• _Exercise objective_: Print each record that follows exactly, leaving the pictures behind.

• _Records for the task_:
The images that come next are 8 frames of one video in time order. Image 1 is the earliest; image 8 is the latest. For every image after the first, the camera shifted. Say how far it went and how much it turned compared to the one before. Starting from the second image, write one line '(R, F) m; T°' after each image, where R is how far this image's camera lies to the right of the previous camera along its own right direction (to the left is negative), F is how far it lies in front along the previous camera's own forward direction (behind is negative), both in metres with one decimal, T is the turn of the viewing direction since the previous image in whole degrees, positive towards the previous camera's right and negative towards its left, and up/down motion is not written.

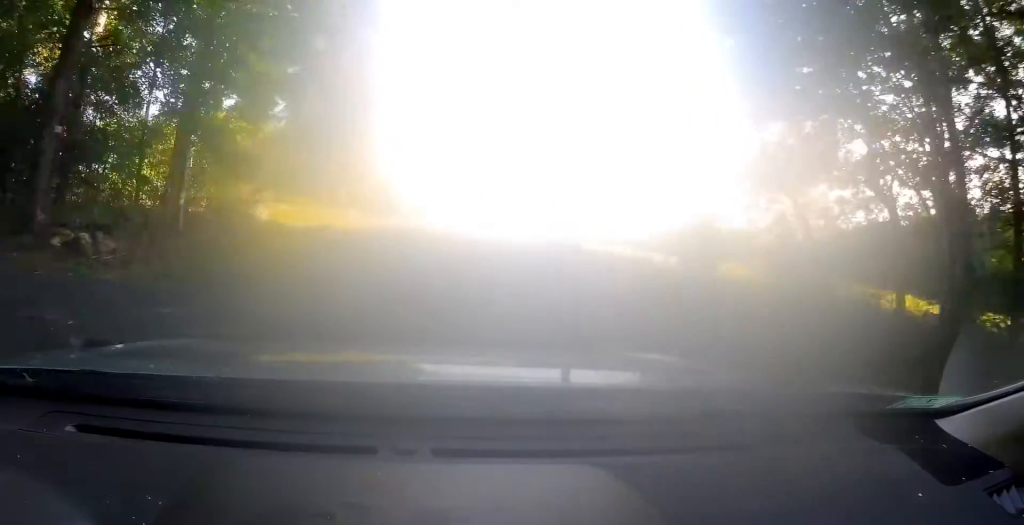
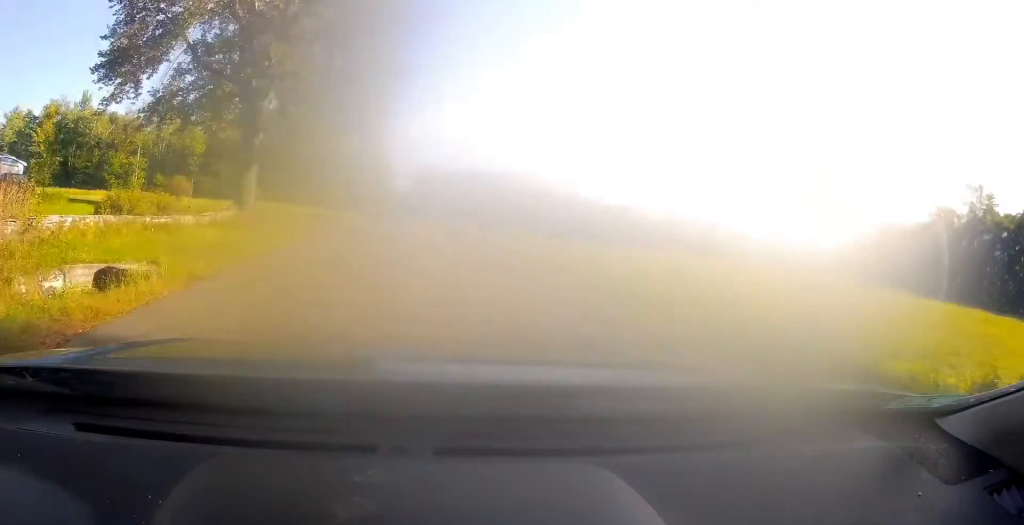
(-0.3, +17.3) m; -1°
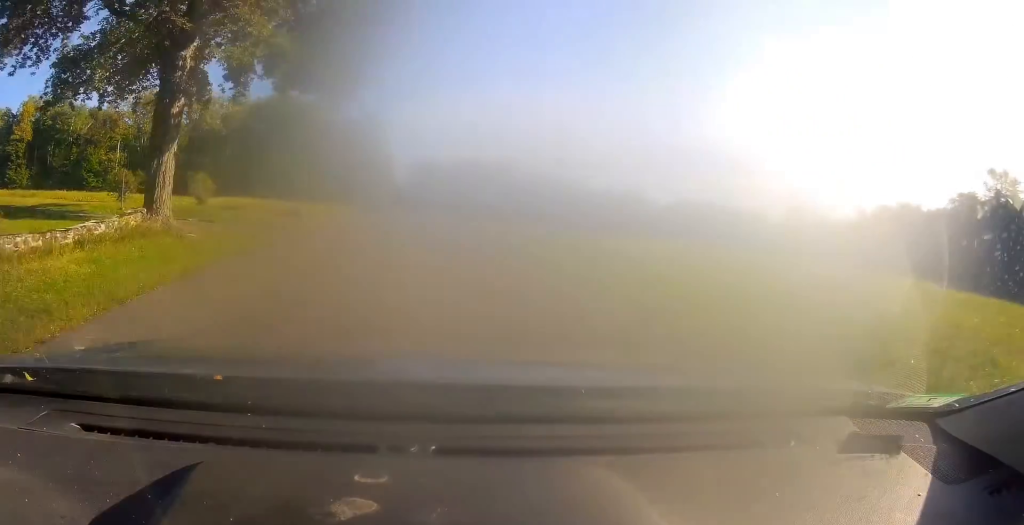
(0.0, +8.6) m; +1°
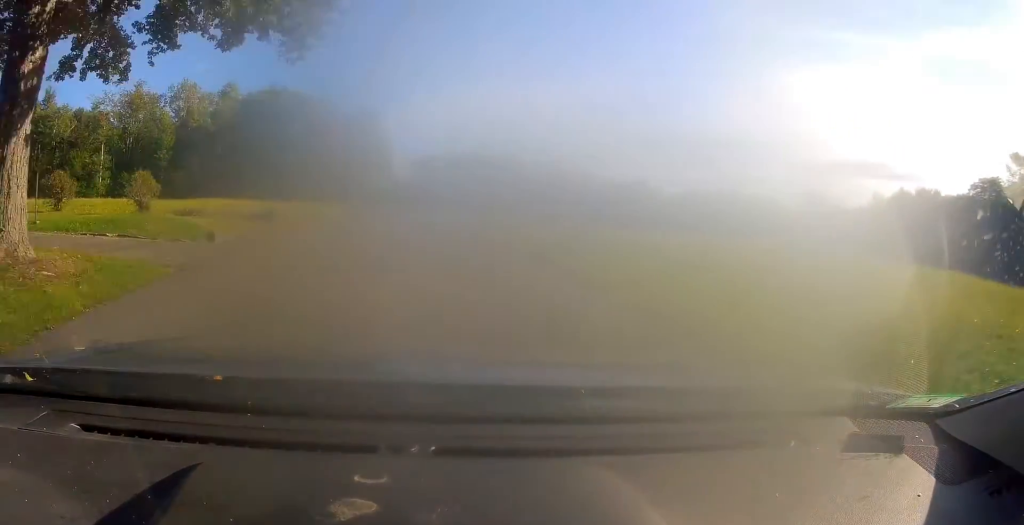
(0.0, +7.1) m; +1°
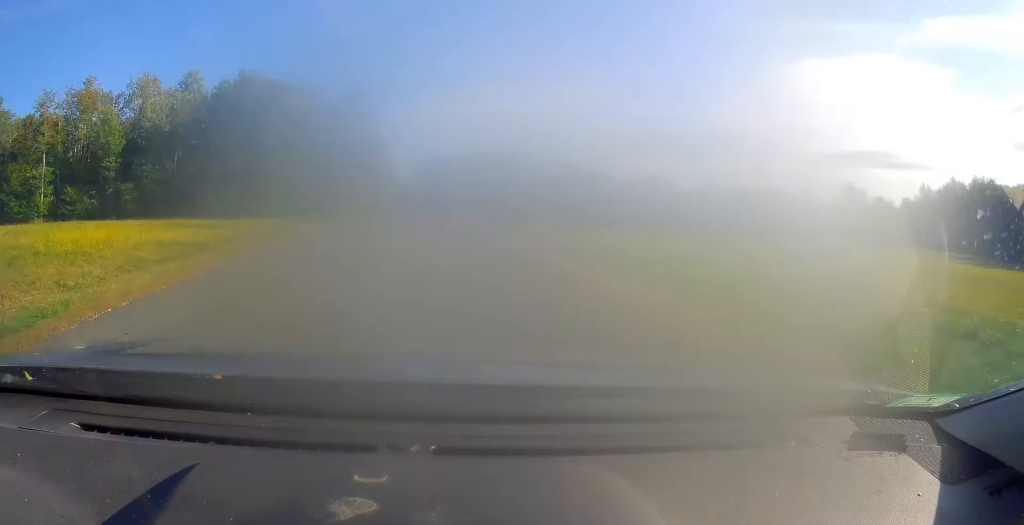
(+0.5, +21.5) m; +1°
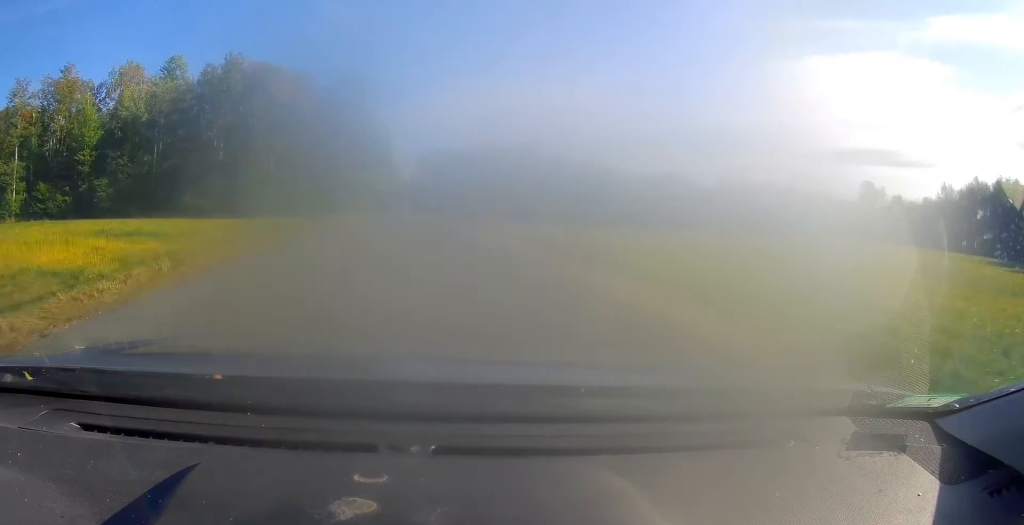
(-0.1, +9.1) m; -1°
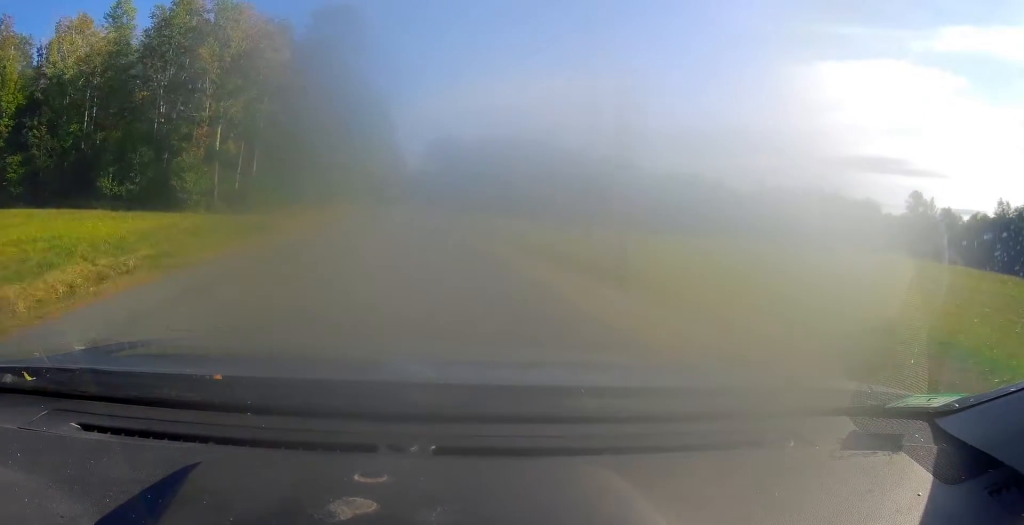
(-0.5, +20.9) m; 0°
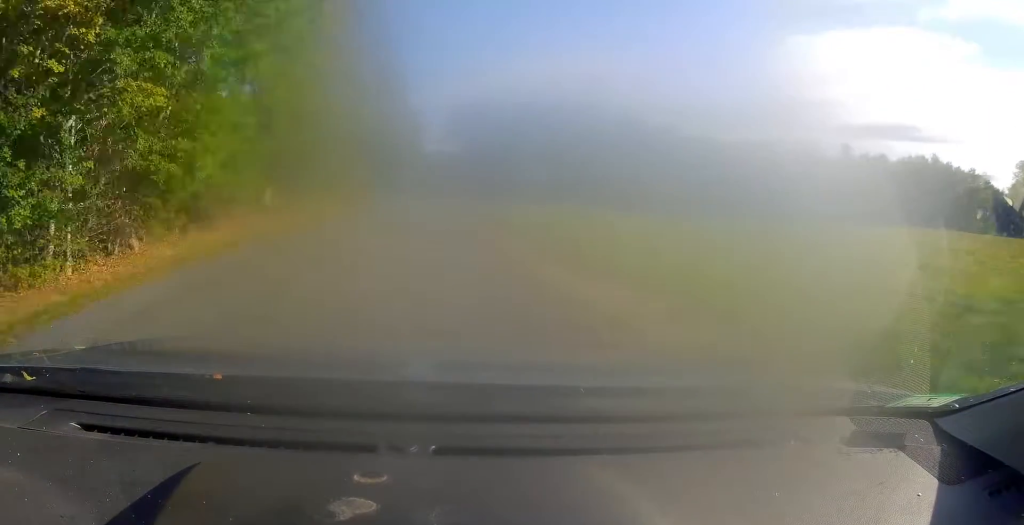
(+0.5, +41.1) m; 0°

• _Response to this exercise_:
The images that come next are 8 frames of one video in time order. Image 1 is the earliest; image 8 is the latest. For every image after the first, the camera shifted. Say how far it went and how much it turned compared to the one before. Starting from the second image, write one line '(R, F) m; T°' after each image, where R is how far this image's camera lies to the right of the previous camera along its own right direction (to the left is negative), F is how far it lies in front along the previous camera's own forward direction (behind is negative), both in metres with one decimal, T is the turn of the viewing direction since the previous image in whole degrees, positive towards the previous camera's right and negative towards its left, and up/down motion is not written.

(-0.3, +17.3) m; -1°
(0.0, +8.6) m; +1°
(0.0, +7.1) m; +1°
(+0.5, +21.5) m; +1°
(-0.1, +9.1) m; -1°
(-0.5, +20.9) m; 0°
(+0.5, +41.1) m; 0°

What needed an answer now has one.